Besides spending time trying to plan great courses and classes, improving her teaching, researching and writing articles, and reading anything she can get her hands on, she enjoys playing with her kids, having deep "big picture" conversations with her friends and husband, going on hikes with her dog Nisa, and traveling as much as possibe.
Professor Gates joined the Department of World Languages and Cultures at Elon in 2012 after completing her Ph.D. in Hispanic Linguistics at Indiana University. Within linguistics, her areas of interest include Second Language Acquisition, Second Language Phonology, Sociolinguistics, Sociophonetics, and Dialectology. She teaches a range of Spanish classes at Elon including linguistics classes taught in Spanish such as Introduction to Spanish Linguistics, Structure of the Spanish Language, and Spanish Phonetics and Phonology. Dr. Gates in the process of developing a pronunciation instruction component for the Spanish undergraduate curriculum at Elon and looks forward to teaching special topics courses in Spanish Dialectology and Second Language Acquisition in the near future. She has presented her recent research findings on second language learners’ perception of foreign and regional accent in Spanish at international linguistics conferences and encourages students to undertake original research projects in her linguistics classes.

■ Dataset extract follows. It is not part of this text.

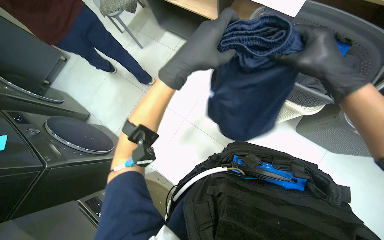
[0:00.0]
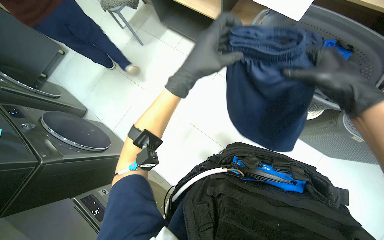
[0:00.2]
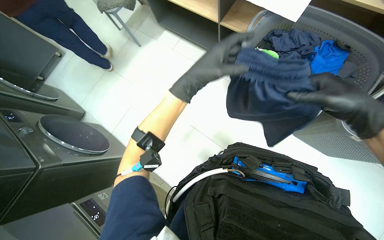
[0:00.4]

Dr. Van B was born in Philadelphia, PA and is a first generation college student. That is, her parents did not go to college. She graduated with a BS in Secondary Education - Spanish from Penn State, and earned a masters and PhD in Spanish (Latin American literature) from Temple University as well as a second masters in Latin American Studies from the University of Arizona. In her free time, Dr. Van B is an avid supporter of Elon Phoenix sports, especially men's and women's basketball and football. She also enjoys travelling, especially to countries where Spanish is spoken. Dr. Van B. lives close to Elon in Burlington.